Work order: Transcribe every record as it stands and set the images aside.
### Recorded information
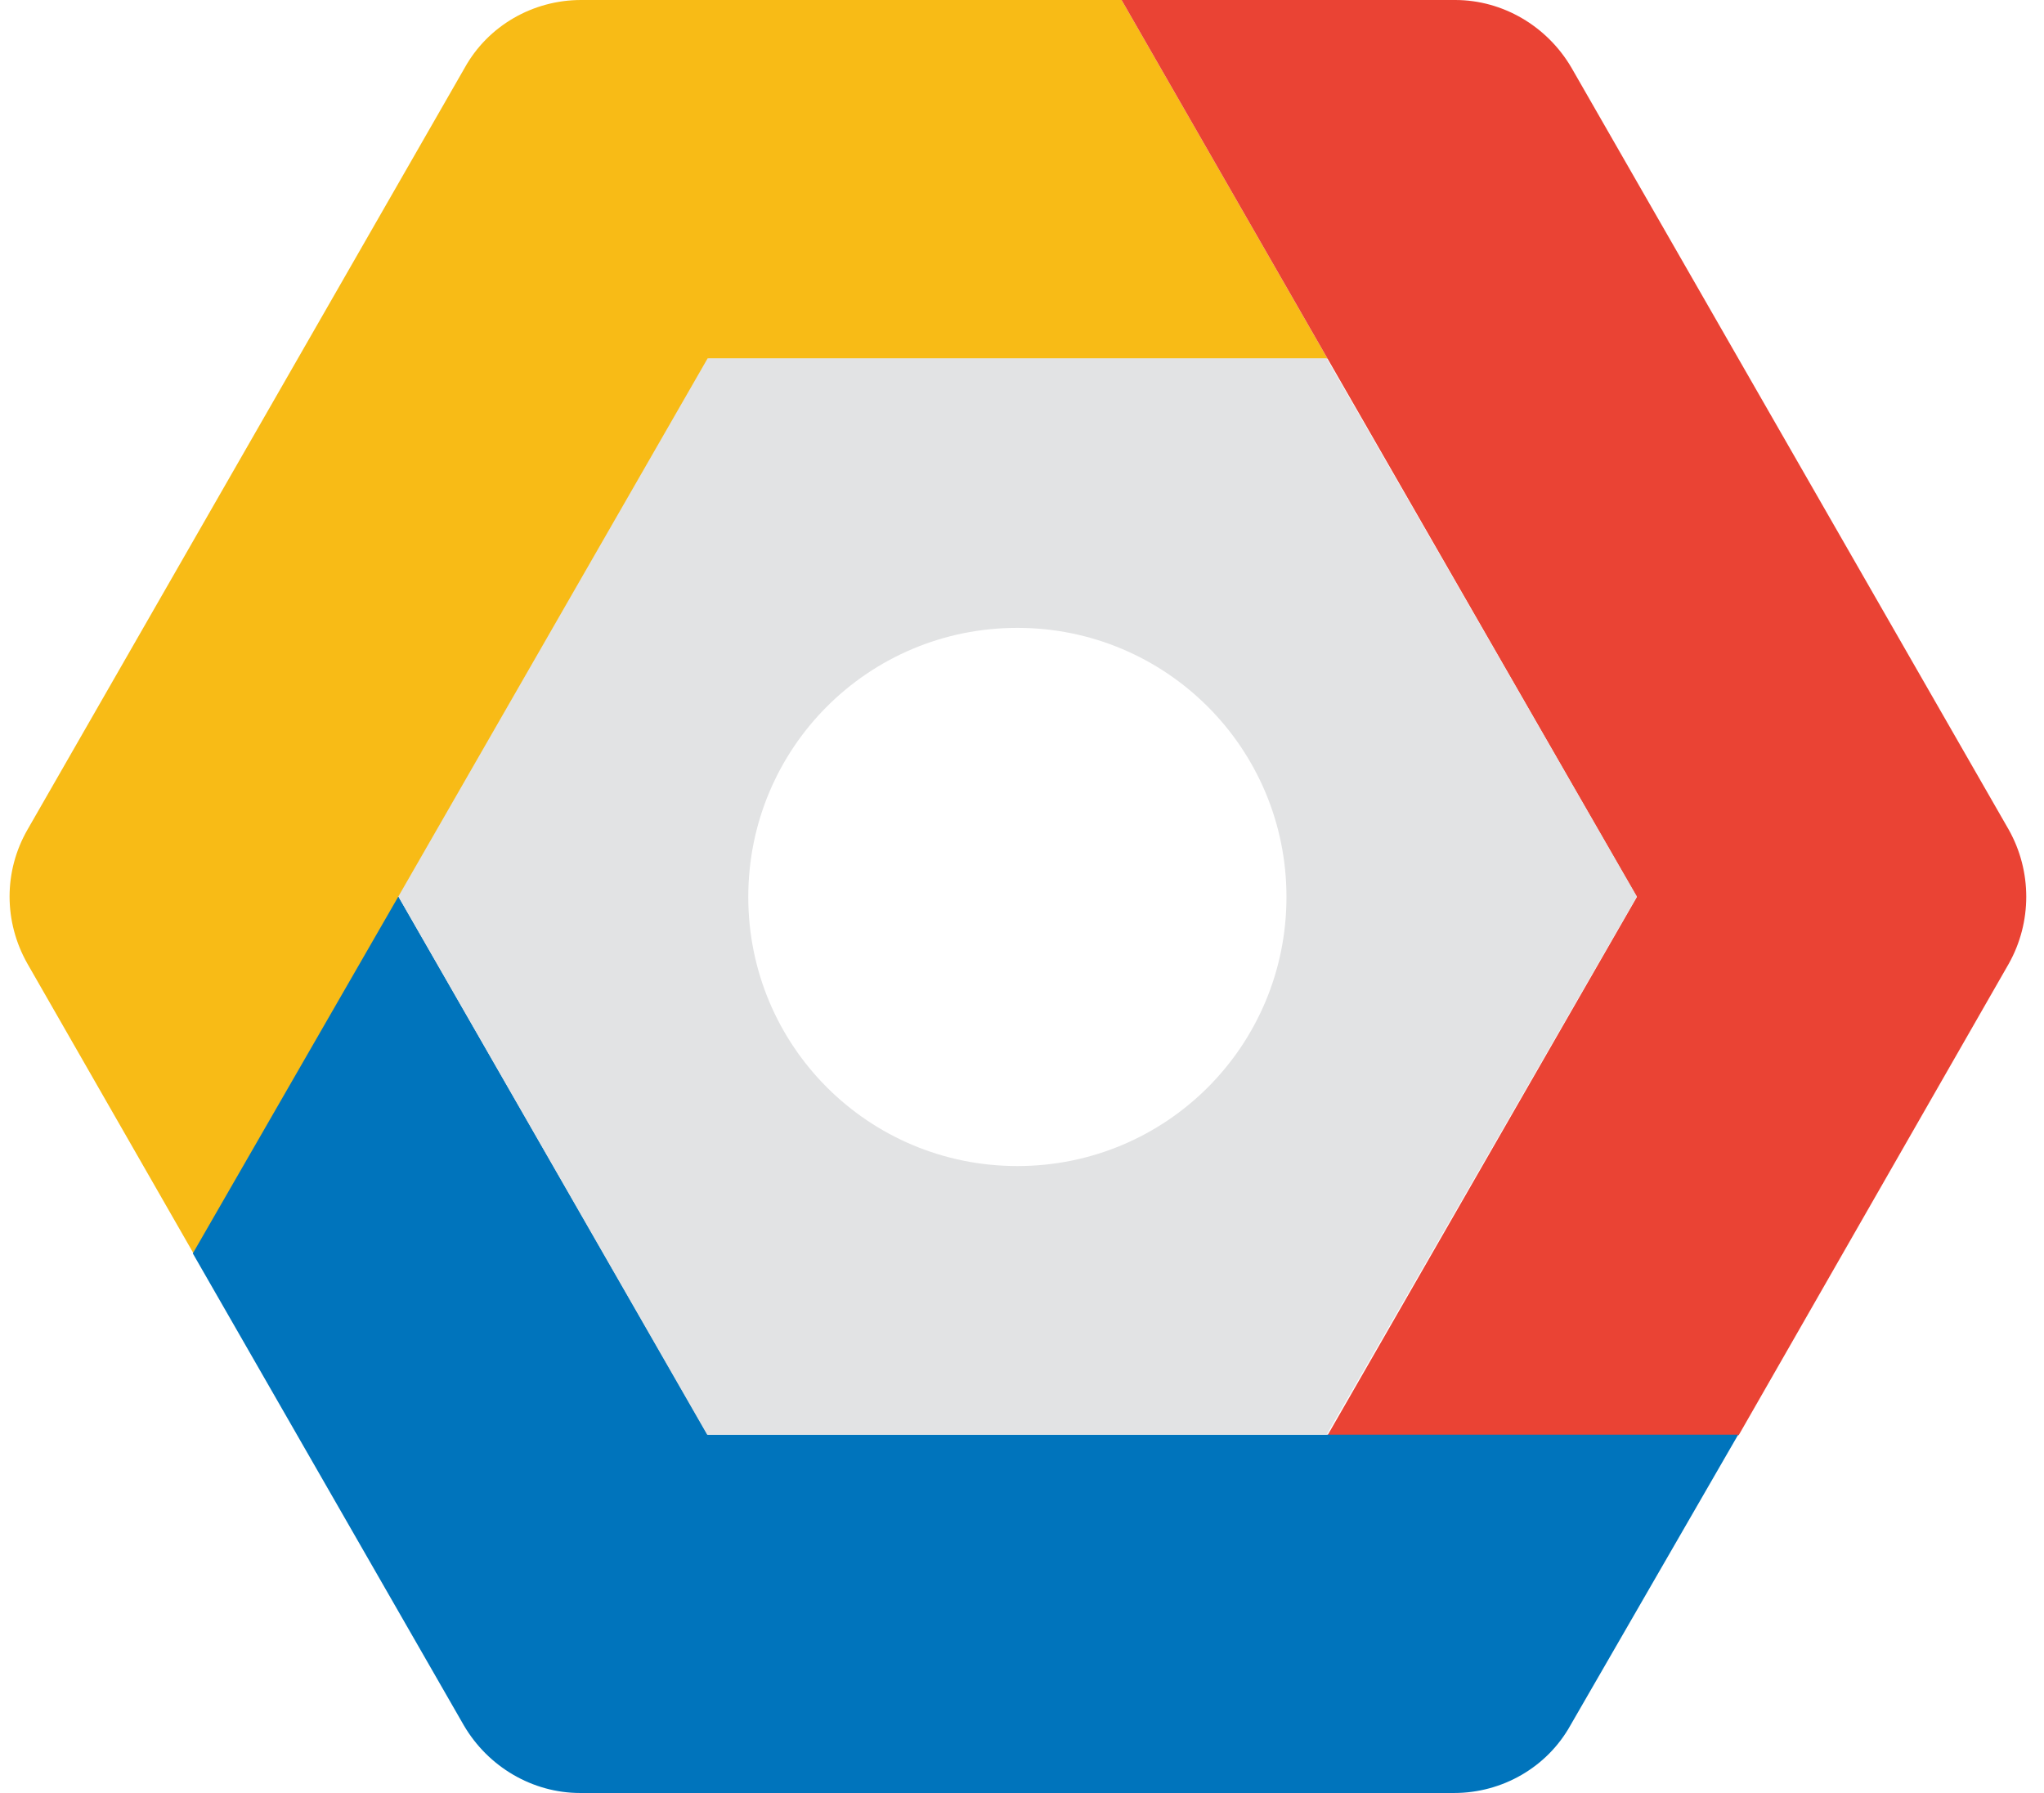 <svg width="57" height="50" viewBox="0 0 57 50" fill="none" xmlns="http://www.w3.org/2000/svg">
<path d="M37.022 10.005L31.277 -0H16.204C14.862 -0 13.611 0.716 12.96 1.889L0.766 23.137C0.101 24.296 0.101 25.703 0.766 26.876L5.404 34.966L11.136 25.013L19.76 10.005H37.022Z" fill="#F8BB16"/>
<path d="M56.017 23.137L43.823 1.889C43.145 0.729 41.908 -0 40.579 -0H31.277L37.023 10.005L45.647 25.013L37.023 40.021H48.487L56.017 26.876C56.668 25.716 56.668 24.296 56.017 23.137Z" fill="#EA4334"/>
<path d="M48.472 40.008H19.733L11.109 25L5.377 34.953L12.933 48.111C13.61 49.27 14.848 50 16.177 50H40.551C41.893 50 43.144 49.283 43.795 48.111L48.472 40.008Z" fill="#0074BC"/>
<path d="M36.995 40.008H19.721L11.109 25L19.734 9.992H36.995L45.646 25L36.995 40.008ZM28.371 17.509C24.215 17.509 20.867 20.857 20.867 25.013C20.867 29.169 24.215 32.517 28.371 32.517C32.527 32.517 35.875 29.169 35.875 25.013C35.875 20.857 32.514 17.509 28.371 17.509Z" fill="#E2E3E4"/>
</svg>
######
The completed task:
 <svg width="57" height="50" viewBox="0 0 57 50" fill="none" xmlns="http://www.w3.org/2000/svg">
<path d="M37.022 10.005L31.277 -0H16.204C14.862 -0 13.611 0.716 12.96 1.889L0.766 23.137C0.101 24.296 0.101 25.703 0.766 26.876L5.404 34.966L11.136 25.013L19.76 10.005H37.022Z" fill="#F8BB16"/>
<path d="M56.017 23.137L43.823 1.889C43.145 0.729 41.908 -0 40.579 -0H31.277L37.023 10.005L45.647 25.013L37.023 40.021H48.487L56.017 26.876C56.668 25.716 56.668 24.296 56.017 23.137Z" fill="#EA4334"/>
<path d="M48.472 40.008H19.733L11.109 25L5.377 34.953L12.933 48.111C13.61 49.27 14.848 50 16.177 50H40.551C41.893 50 43.144 49.283 43.795 48.111L48.472 40.008Z" fill="#0074BC"/>
<path d="M36.995 40.008H19.721L11.109 25L19.734 9.992H36.995L45.646 25L36.995 40.008ZM28.371 17.509C24.215 17.509 20.867 20.857 20.867 25.013C20.867 29.169 24.215 32.517 28.371 32.517C32.527 32.517 35.875 29.169 35.875 25.013C35.875 20.857 32.514 17.509 28.371 17.509Z" fill="#E2E3E4"/>
</svg>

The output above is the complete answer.